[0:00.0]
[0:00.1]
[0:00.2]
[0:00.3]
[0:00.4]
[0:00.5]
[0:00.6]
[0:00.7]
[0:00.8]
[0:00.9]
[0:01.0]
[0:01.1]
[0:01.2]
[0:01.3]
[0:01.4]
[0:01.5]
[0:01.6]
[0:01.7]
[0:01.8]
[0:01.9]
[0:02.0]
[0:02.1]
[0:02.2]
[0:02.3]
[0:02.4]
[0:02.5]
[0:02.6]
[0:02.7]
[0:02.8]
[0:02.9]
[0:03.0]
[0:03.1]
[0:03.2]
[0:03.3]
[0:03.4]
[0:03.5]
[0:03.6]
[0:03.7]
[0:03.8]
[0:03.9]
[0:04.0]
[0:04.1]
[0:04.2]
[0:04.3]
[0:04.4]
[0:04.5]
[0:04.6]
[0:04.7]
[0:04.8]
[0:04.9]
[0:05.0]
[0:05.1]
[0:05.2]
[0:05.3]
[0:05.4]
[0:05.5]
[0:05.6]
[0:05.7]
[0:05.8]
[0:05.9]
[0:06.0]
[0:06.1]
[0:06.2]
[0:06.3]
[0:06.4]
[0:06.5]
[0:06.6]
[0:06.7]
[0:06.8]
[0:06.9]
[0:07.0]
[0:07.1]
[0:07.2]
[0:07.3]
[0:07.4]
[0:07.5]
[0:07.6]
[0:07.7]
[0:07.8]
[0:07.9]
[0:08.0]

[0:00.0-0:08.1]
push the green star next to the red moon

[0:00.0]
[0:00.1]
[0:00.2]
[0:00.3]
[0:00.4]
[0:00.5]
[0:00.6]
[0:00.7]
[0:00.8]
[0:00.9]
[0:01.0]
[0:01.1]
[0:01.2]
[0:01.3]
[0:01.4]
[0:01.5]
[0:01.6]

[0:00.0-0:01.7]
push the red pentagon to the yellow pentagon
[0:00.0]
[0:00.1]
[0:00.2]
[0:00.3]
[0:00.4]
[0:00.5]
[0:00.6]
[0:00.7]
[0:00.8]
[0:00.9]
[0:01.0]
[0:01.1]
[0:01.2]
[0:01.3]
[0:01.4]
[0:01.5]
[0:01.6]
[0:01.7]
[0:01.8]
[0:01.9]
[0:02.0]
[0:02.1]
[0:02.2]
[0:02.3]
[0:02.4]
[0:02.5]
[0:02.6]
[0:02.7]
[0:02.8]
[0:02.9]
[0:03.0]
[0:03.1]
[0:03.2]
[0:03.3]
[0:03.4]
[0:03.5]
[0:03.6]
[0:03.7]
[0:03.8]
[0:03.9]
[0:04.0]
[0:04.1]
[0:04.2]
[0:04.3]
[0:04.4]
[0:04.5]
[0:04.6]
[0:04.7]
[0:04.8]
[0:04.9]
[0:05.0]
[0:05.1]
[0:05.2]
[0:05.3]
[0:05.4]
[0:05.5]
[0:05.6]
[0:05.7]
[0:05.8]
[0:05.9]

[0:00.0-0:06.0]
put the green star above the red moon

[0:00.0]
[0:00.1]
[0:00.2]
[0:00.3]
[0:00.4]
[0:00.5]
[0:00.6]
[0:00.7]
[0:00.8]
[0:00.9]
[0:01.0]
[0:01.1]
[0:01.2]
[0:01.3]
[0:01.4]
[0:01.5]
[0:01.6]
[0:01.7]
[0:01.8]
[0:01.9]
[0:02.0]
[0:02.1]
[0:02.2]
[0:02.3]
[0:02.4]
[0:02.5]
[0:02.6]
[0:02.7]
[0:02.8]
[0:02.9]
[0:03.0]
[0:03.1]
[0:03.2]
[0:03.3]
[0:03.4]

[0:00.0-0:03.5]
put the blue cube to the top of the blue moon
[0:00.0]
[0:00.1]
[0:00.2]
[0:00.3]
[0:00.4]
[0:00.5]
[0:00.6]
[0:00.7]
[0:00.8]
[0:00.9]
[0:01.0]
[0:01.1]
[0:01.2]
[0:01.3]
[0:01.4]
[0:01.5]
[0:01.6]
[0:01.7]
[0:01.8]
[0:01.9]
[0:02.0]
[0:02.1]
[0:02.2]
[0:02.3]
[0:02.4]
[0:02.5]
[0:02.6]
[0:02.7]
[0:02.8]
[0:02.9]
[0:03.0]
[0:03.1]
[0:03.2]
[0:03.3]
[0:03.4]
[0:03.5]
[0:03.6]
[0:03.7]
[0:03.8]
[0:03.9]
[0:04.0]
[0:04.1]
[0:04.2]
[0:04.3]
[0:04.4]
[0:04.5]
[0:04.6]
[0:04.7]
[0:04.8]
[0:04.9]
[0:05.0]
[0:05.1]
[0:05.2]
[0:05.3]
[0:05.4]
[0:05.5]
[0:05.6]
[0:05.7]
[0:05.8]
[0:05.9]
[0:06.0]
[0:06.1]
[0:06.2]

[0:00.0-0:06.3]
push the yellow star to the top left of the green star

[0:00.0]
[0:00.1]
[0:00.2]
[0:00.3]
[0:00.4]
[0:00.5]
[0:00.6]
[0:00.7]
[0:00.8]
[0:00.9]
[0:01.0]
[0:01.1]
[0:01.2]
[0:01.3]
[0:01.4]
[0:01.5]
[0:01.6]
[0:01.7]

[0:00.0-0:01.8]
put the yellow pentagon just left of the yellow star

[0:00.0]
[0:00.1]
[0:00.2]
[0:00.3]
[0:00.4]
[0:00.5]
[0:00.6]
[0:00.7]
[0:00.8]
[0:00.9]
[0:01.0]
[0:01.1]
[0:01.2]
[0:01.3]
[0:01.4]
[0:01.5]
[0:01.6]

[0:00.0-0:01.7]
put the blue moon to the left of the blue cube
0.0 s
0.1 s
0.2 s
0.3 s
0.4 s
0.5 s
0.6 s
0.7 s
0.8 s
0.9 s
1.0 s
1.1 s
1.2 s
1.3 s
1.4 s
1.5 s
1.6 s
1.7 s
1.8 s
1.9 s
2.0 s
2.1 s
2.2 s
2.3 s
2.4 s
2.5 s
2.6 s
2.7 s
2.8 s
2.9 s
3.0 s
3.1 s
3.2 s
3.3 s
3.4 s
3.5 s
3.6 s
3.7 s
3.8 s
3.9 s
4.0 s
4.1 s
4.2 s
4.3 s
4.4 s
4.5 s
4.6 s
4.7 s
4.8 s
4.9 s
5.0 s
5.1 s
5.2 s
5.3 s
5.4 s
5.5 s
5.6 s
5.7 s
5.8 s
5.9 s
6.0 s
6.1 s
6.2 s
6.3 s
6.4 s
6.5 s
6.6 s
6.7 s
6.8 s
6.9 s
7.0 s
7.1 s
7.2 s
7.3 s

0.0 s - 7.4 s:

WORK ITEM »
Your task is to output all of the data above word for word.

EXPECTED ANSWER »
[0:00.0]
[0:00.1]
[0:00.2]
[0:00.3]
[0:00.4]
[0:00.5]
[0:00.6]
[0:00.7]
[0:00.8]
[0:00.9]
[0:01.0]
[0:01.1]
[0:01.2]
[0:01.3]
[0:01.4]
[0:01.5]
[0:01.6]
[0:01.7]
[0:01.8]
[0:01.9]
[0:02.0]
[0:02.1]
[0:02.2]
[0:02.3]
[0:02.4]
[0:02.5]
[0:02.6]
[0:02.7]
[0:02.8]
[0:02.9]
[0:03.0]
[0:03.1]
[0:03.2]
[0:03.3]
[0:03.4]
[0:03.5]
[0:03.6]
[0:03.7]
[0:03.8]
[0:03.9]
[0:04.0]
[0:04.1]
[0:04.2]
[0:04.3]
[0:04.4]
[0:04.5]
[0:04.6]
[0:04.7]
[0:04.8]
[0:04.9]
[0:05.0]
[0:05.1]
[0:05.2]
[0:05.3]
[0:05.4]
[0:05.5]
[0:05.6]
[0:05.7]
[0:05.8]
[0:05.9]
[0:06.0]
[0:06.1]
[0:06.2]
[0:06.3]
[0:06.4]
[0:06.5]
[0:06.6]
[0:06.7]
[0:06.8]
[0:06.9]
[0:07.0]
[0:07.1]
[0:07.2]
[0:07.3]
[0:07.4]
[0:07.5]
[0:07.6]
[0:07.7]
[0:07.8]
[0:07.9]
[0:08.0]

[0:00.0-0:08.1]
push the green star next to the red moon

[0:00.0]
[0:00.1]
[0:00.2]
[0:00.3]
[0:00.4]
[0:00.5]
[0:00.6]
[0:00.7]
[0:00.8]
[0:00.9]
[0:01.0]
[0:01.1]
[0:01.2]
[0:01.3]
[0:01.4]
[0:01.5]
[0:01.6]

[0:00.0-0:01.7]
push the red pentagon to the yellow pentagon
[0:00.0]
[0:00.1]
[0:00.2]
[0:00.3]
[0:00.4]
[0:00.5]
[0:00.6]
[0:00.7]
[0:00.8]
[0:00.9]
[0:01.0]
[0:01.1]
[0:01.2]
[0:01.3]
[0:01.4]
[0:01.5]
[0:01.6]
[0:01.7]
[0:01.8]
[0:01.9]
[0:02.0]
[0:02.1]
[0:02.2]
[0:02.3]
[0:02.4]
[0:02.5]
[0:02.6]
[0:02.7]
[0:02.8]
[0:02.9]
[0:03.0]
[0:03.1]
[0:03.2]
[0:03.3]
[0:03.4]
[0:03.5]
[0:03.6]
[0:03.7]
[0:03.8]
[0:03.9]
[0:04.0]
[0:04.1]
[0:04.2]
[0:04.3]
[0:04.4]
[0:04.5]
[0:04.6]
[0:04.7]
[0:04.8]
[0:04.9]
[0:05.0]
[0:05.1]
[0:05.2]
[0:05.3]
[0:05.4]
[0:05.5]
[0:05.6]
[0:05.7]
[0:05.8]
[0:05.9]

[0:00.0-0:06.0]
put the green star above the red moon

[0:00.0]
[0:00.1]
[0:00.2]
[0:00.3]
[0:00.4]
[0:00.5]
[0:00.6]
[0:00.7]
[0:00.8]
[0:00.9]
[0:01.0]
[0:01.1]
[0:01.2]
[0:01.3]
[0:01.4]
[0:01.5]
[0:01.6]
[0:01.7]
[0:01.8]
[0:01.9]
[0:02.0]
[0:02.1]
[0:02.2]
[0:02.3]
[0:02.4]
[0:02.5]
[0:02.6]
[0:02.7]
[0:02.8]
[0:02.9]
[0:03.0]
[0:03.1]
[0:03.2]
[0:03.3]
[0:03.4]

[0:00.0-0:03.5]
put the blue cube to the top of the blue moon
[0:00.0]
[0:00.1]
[0:00.2]
[0:00.3]
[0:00.4]
[0:00.5]
[0:00.6]
[0:00.7]
[0:00.8]
[0:00.9]
[0:01.0]
[0:01.1]
[0:01.2]
[0:01.3]
[0:01.4]
[0:01.5]
[0:01.6]
[0:01.7]
[0:01.8]
[0:01.9]
[0:02.0]
[0:02.1]
[0:02.2]
[0:02.3]
[0:02.4]
[0:02.5]
[0:02.6]
[0:02.7]
[0:02.8]
[0:02.9]
[0:03.0]
[0:03.1]
[0:03.2]
[0:03.3]
[0:03.4]
[0:03.5]
[0:03.6]
[0:03.7]
[0:03.8]
[0:03.9]
[0:04.0]
[0:04.1]
[0:04.2]
[0:04.3]
[0:04.4]
[0:04.5]
[0:04.6]
[0:04.7]
[0:04.8]
[0:04.9]
[0:05.0]
[0:05.1]
[0:05.2]
[0:05.3]
[0:05.4]
[0:05.5]
[0:05.6]
[0:05.7]
[0:05.8]
[0:05.9]
[0:06.0]
[0:06.1]
[0:06.2]

[0:00.0-0:06.3]
push the yellow star to the top left of the green star

[0:00.0]
[0:00.1]
[0:00.2]
[0:00.3]
[0:00.4]
[0:00.5]
[0:00.6]
[0:00.7]
[0:00.8]
[0:00.9]
[0:01.0]
[0:01.1]
[0:01.2]
[0:01.3]
[0:01.4]
[0:01.5]
[0:01.6]
[0:01.7]

[0:00.0-0:01.8]
put the yellow pentagon just left of the yellow star

[0:00.0]
[0:00.1]
[0:00.2]
[0:00.3]
[0:00.4]
[0:00.5]
[0:00.6]
[0:00.7]
[0:00.8]
[0:00.9]
[0:01.0]
[0:01.1]
[0:01.2]
[0:01.3]
[0:01.4]
[0:01.5]
[0:01.6]

[0:00.0-0:01.7]
put the blue moon to the left of the blue cube
0.0 s
0.1 s
0.2 s
0.3 s
0.4 s
0.5 s
0.6 s
0.7 s
0.8 s
0.9 s
1.0 s
1.1 s
1.2 s
1.3 s
1.4 s
1.5 s
1.6 s
1.7 s
1.8 s
1.9 s
2.0 s
2.1 s
2.2 s
2.3 s
2.4 s
2.5 s
2.6 s
2.7 s
2.8 s
2.9 s
3.0 s
3.1 s
3.2 s
3.3 s
3.4 s
3.5 s
3.6 s
3.7 s
3.8 s
3.9 s
4.0 s
4.1 s
4.2 s
4.3 s
4.4 s
4.5 s
4.6 s
4.7 s
4.8 s
4.9 s
5.0 s
5.1 s
5.2 s
5.3 s
5.4 s
5.5 s
5.6 s
5.7 s
5.8 s
5.9 s
6.0 s
6.1 s
6.2 s
6.3 s
6.4 s
6.5 s
6.6 s
6.7 s
6.8 s
6.9 s
7.0 s
7.1 s
7.2 s
7.3 s

0.0 s - 7.4 s:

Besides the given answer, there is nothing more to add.